What to do. Your answer should consist of every line from the records that holds the string "xlink".

Records supplied.
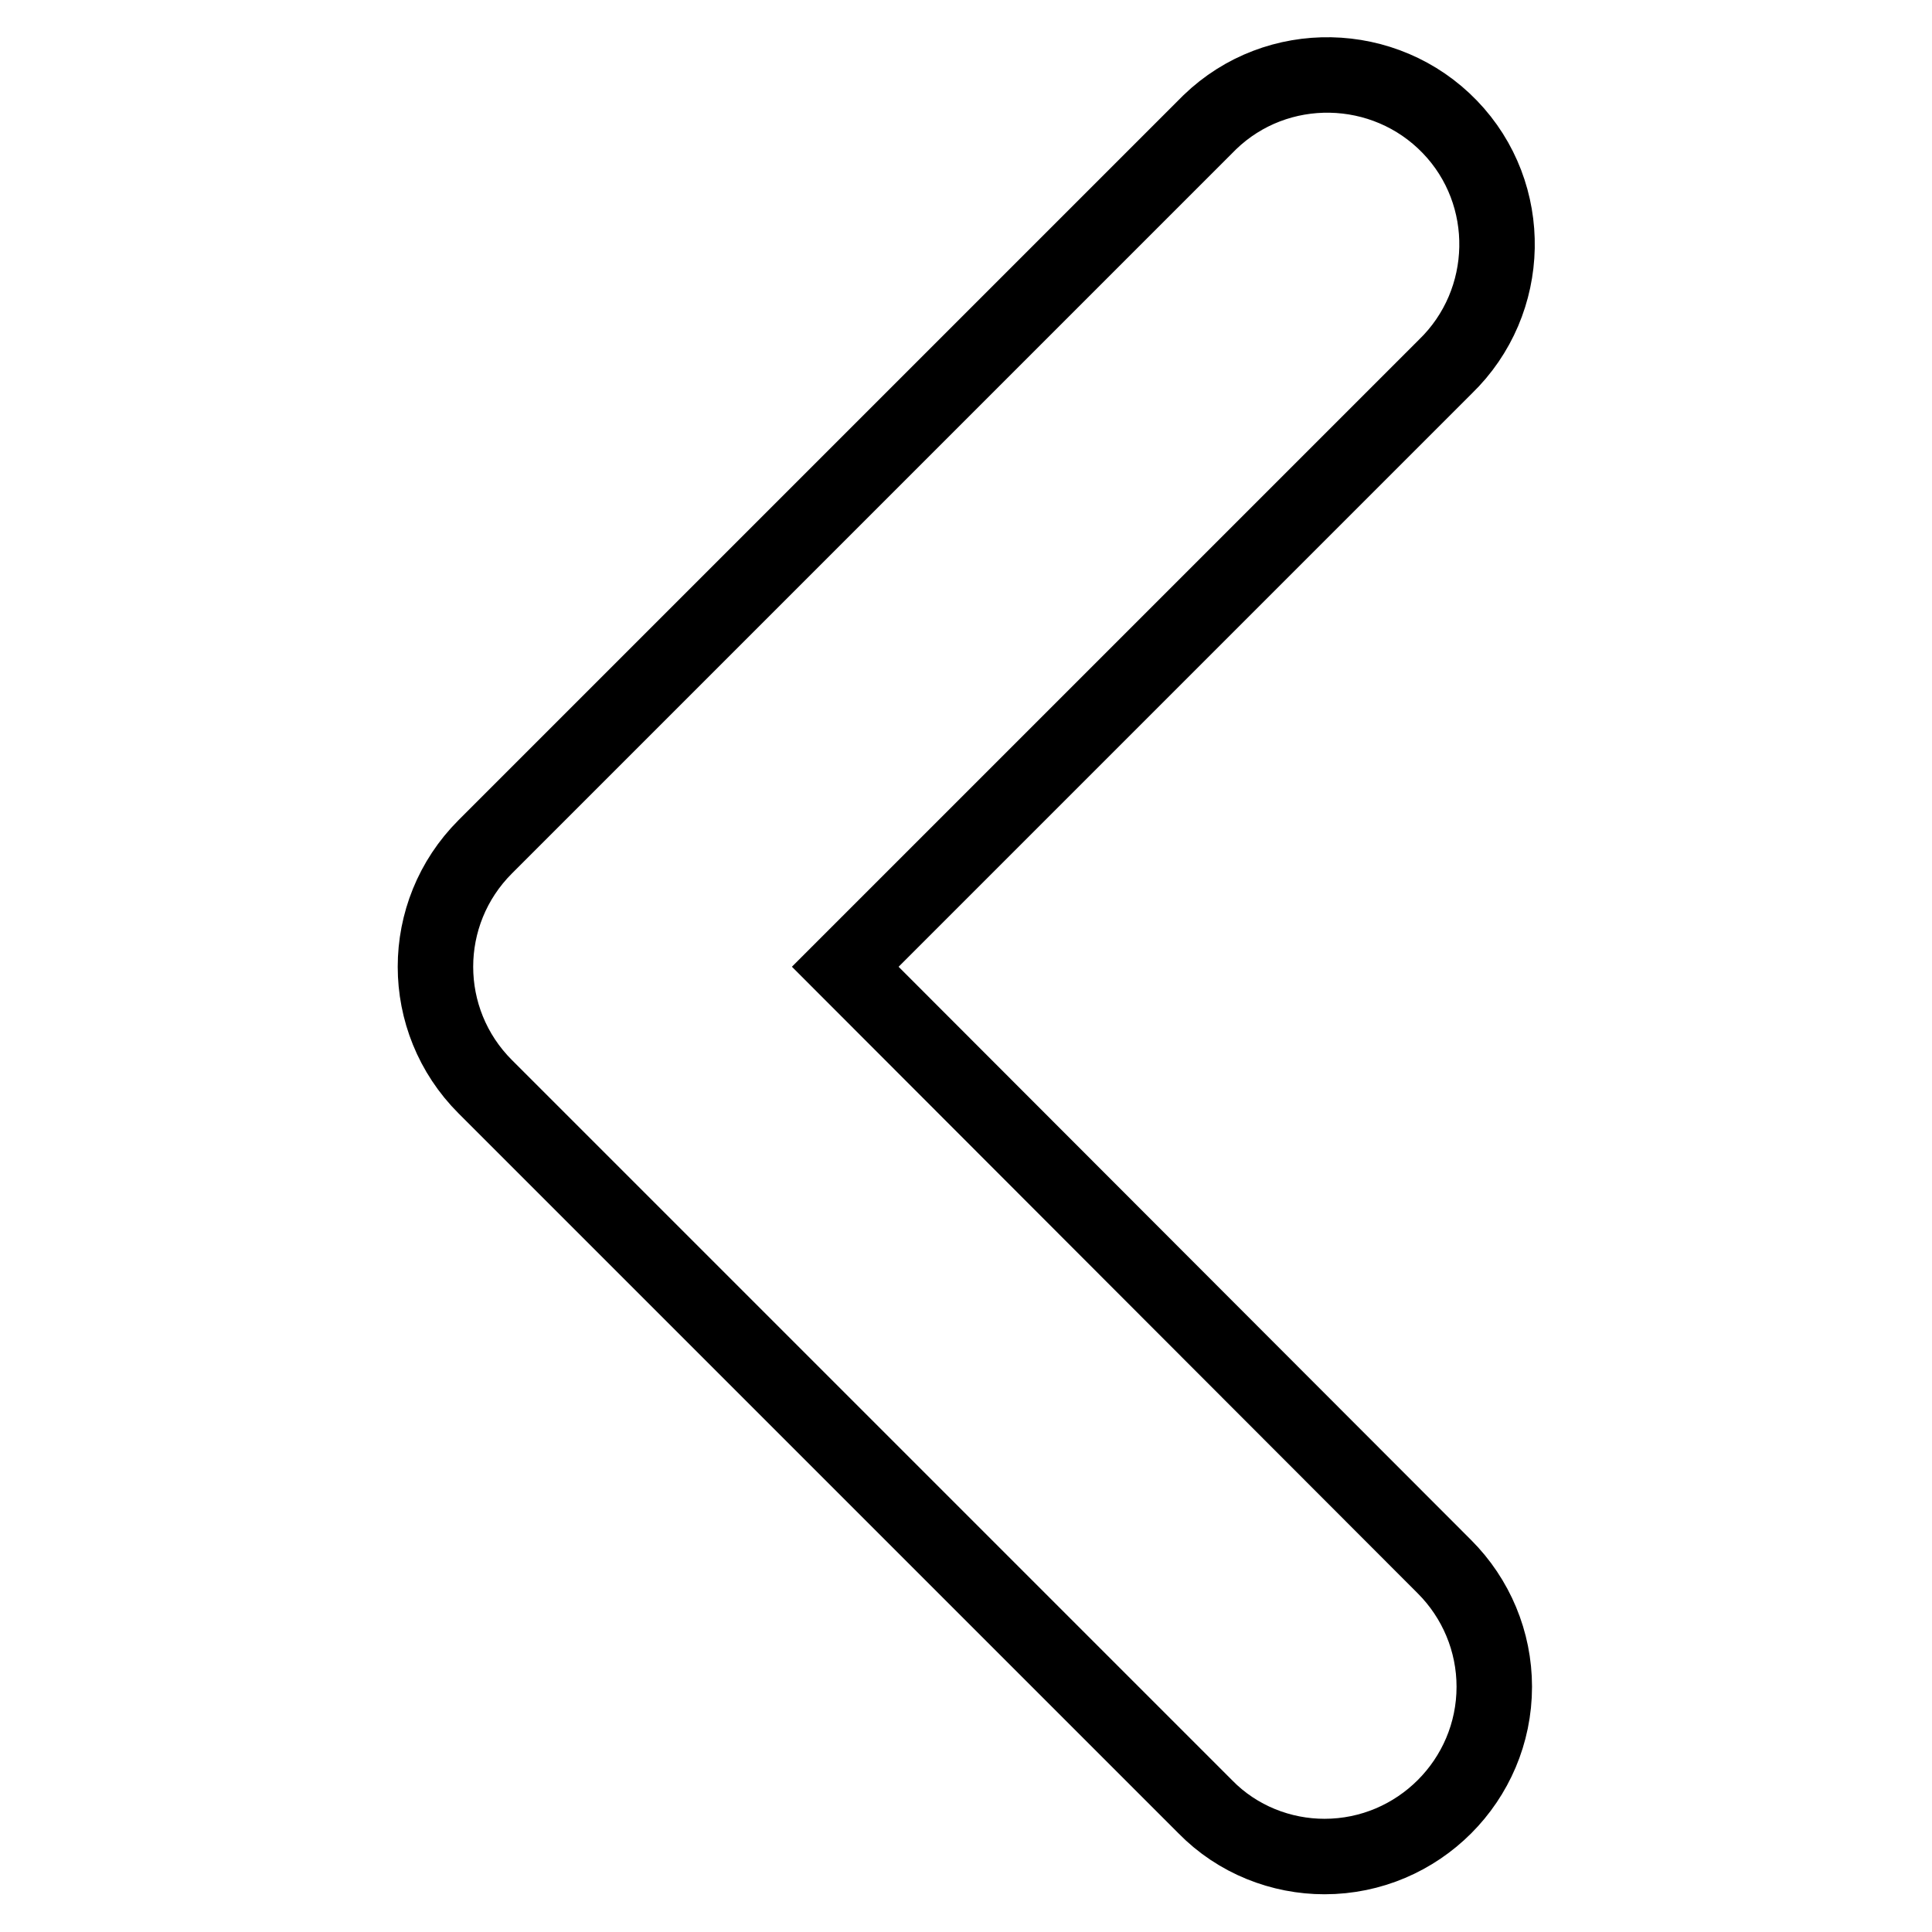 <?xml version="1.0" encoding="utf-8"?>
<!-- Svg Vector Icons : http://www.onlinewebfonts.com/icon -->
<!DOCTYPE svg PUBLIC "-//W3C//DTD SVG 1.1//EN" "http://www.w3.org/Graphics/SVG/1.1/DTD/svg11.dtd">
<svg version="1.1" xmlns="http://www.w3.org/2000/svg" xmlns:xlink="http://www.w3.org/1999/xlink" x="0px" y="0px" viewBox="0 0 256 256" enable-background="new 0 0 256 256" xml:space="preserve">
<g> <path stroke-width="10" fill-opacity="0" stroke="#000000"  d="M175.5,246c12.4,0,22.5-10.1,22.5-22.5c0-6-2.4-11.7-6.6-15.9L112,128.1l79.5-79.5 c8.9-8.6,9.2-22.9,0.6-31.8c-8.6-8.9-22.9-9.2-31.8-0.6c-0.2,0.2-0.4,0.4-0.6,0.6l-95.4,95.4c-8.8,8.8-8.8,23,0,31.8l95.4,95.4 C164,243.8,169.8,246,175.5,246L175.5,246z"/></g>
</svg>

---

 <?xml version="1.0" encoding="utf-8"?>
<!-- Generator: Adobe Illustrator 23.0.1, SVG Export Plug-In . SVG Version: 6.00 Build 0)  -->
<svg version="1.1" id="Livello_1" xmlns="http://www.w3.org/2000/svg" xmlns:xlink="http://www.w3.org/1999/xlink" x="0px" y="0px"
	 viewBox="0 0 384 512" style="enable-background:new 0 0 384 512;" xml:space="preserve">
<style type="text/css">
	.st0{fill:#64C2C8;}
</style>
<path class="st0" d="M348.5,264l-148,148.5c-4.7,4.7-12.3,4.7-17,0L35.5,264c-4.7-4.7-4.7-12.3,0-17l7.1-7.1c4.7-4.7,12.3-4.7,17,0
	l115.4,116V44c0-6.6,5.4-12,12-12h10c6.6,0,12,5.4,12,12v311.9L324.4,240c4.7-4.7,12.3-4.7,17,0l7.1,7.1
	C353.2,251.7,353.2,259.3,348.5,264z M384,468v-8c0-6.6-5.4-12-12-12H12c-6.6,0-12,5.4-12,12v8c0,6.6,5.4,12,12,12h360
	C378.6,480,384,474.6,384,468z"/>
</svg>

* * *

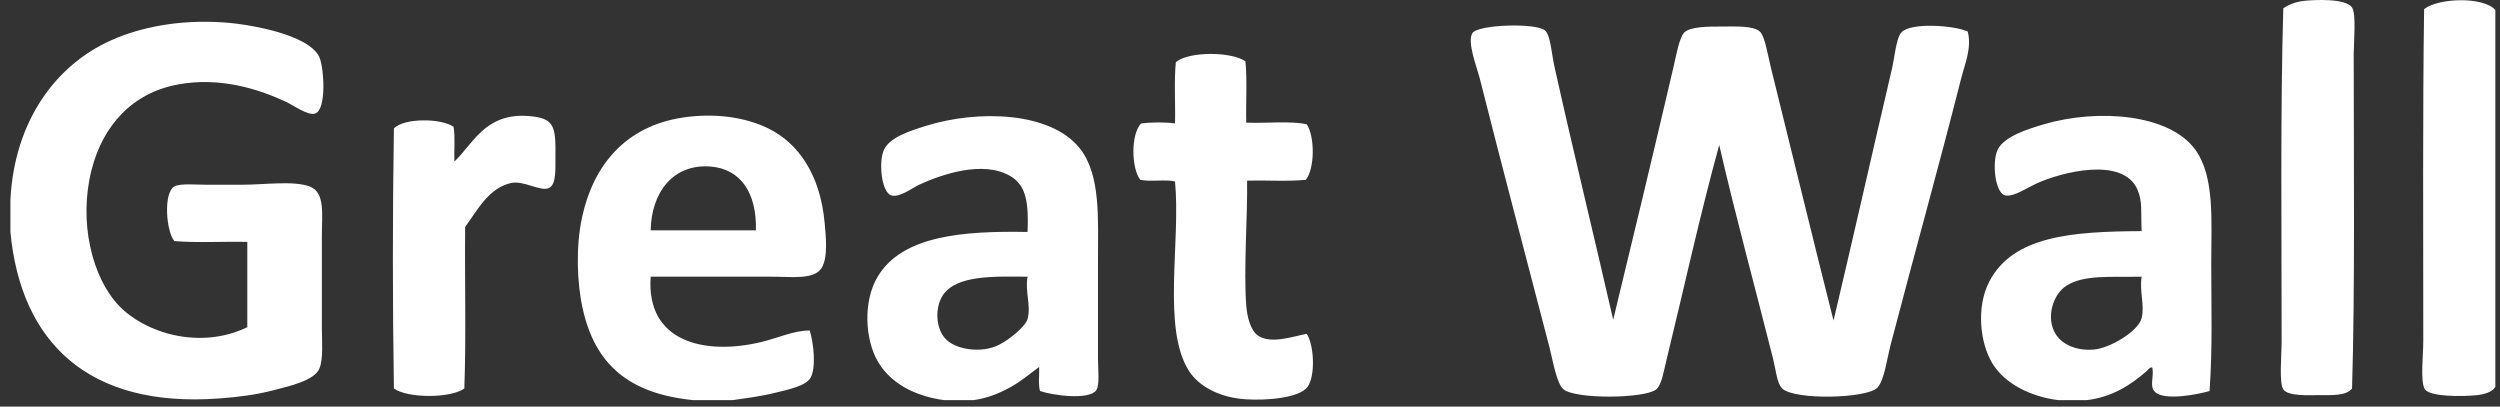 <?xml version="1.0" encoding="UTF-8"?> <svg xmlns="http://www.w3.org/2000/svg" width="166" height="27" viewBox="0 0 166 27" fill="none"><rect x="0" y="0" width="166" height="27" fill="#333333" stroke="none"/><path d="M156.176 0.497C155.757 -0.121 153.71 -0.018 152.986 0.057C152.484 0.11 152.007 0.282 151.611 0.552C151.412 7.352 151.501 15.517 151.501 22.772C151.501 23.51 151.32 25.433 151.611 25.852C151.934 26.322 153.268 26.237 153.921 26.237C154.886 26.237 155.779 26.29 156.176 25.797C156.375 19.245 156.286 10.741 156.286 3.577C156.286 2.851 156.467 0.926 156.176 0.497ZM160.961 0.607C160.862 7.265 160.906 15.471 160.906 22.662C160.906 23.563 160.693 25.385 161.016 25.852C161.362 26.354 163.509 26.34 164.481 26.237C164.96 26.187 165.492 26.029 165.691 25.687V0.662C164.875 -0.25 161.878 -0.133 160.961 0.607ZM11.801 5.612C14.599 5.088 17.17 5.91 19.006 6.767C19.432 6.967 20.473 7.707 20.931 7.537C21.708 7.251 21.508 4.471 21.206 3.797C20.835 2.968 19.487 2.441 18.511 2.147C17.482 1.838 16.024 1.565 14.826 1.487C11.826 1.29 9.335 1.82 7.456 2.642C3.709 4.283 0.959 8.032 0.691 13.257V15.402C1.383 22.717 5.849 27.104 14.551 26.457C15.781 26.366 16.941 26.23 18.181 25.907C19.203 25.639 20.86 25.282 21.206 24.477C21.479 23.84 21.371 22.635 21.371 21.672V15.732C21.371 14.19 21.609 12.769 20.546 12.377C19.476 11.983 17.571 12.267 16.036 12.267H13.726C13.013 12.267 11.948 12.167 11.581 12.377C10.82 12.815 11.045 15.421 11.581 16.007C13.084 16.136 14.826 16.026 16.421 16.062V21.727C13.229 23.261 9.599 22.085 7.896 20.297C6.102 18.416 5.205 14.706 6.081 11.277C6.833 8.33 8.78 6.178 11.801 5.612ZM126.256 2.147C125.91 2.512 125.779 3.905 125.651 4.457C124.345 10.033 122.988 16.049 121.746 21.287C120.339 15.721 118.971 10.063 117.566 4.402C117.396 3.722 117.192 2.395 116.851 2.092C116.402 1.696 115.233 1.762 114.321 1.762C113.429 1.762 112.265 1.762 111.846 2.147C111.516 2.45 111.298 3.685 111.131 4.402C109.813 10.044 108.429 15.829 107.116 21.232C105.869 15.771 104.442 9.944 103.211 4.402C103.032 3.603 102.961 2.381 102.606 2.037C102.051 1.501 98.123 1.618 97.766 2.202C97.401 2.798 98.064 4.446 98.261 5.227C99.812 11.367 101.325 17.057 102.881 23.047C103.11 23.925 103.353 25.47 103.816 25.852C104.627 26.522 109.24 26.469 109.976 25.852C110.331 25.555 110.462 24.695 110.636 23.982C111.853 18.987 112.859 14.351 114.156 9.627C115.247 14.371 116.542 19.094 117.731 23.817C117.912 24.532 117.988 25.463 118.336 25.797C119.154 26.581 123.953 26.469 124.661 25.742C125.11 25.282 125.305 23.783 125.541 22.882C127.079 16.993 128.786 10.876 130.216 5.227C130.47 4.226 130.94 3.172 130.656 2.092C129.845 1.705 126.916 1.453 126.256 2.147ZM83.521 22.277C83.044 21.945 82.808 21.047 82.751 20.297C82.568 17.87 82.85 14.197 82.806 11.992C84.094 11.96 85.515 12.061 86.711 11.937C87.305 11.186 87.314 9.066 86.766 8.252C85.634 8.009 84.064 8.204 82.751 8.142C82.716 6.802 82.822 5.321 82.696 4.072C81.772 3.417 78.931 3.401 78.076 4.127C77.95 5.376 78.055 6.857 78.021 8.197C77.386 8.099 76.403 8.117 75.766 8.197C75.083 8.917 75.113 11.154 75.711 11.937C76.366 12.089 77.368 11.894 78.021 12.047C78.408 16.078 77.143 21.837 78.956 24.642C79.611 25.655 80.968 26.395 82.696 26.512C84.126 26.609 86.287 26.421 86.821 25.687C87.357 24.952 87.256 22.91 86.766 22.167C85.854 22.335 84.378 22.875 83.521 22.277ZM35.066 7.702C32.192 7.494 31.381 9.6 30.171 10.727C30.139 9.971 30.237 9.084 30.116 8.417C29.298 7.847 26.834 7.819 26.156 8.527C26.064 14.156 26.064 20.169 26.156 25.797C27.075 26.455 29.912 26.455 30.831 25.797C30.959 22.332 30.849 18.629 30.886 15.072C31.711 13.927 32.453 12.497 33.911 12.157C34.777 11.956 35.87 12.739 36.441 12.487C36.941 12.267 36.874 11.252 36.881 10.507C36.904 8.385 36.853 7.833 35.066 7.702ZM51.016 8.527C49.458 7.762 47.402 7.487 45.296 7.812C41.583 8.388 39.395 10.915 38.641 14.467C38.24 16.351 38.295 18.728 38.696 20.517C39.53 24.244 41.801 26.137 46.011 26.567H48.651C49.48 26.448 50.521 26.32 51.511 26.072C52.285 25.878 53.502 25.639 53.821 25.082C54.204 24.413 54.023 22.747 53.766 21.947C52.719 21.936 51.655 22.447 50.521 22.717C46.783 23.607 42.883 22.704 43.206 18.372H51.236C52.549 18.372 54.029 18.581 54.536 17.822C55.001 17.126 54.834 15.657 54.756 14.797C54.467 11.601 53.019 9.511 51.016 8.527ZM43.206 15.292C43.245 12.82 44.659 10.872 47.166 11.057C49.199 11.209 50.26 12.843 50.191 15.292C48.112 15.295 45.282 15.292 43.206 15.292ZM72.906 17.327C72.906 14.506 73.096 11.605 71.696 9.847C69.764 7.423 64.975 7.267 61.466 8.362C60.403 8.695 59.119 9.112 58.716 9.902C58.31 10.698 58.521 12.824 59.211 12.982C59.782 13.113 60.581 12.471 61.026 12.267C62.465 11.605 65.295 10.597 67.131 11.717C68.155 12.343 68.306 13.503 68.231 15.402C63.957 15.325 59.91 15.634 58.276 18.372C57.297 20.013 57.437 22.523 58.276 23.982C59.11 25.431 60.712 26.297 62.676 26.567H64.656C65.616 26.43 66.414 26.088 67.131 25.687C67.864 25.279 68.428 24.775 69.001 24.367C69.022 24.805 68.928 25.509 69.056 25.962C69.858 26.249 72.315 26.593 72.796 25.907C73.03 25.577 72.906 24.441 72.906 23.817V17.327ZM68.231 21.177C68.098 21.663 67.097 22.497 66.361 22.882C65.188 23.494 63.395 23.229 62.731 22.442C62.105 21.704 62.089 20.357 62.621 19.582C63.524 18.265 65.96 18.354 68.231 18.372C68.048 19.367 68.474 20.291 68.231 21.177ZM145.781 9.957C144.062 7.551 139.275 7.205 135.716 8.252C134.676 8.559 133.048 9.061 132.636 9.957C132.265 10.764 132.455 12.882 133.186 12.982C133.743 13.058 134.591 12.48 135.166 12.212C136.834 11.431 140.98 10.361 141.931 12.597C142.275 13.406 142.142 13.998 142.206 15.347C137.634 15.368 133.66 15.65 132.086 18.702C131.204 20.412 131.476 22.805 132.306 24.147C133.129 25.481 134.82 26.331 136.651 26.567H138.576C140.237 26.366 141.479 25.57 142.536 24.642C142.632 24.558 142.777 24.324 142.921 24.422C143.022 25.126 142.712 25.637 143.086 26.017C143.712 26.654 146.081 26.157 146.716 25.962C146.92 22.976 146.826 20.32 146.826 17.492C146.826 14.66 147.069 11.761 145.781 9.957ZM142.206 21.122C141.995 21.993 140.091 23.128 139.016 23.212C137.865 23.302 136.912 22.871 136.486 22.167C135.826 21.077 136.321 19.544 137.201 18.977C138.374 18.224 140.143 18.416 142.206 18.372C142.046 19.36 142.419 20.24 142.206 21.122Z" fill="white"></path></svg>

Response to this exercise.
<svg version="1.1" xmlns="http://www.w3.org/2000/svg" xmlns:xlink="http://www.w3.org/1999/xlink" x="0px" y="0px" viewBox="0 0 256 256" enable-background="new 0 0 256 256" xml:space="preserve">
<svg version="1.1" id="Livello_1" xmlns="http://www.w3.org/2000/svg" xmlns:xlink="http://www.w3.org/1999/xlink" x="0px" y="0px"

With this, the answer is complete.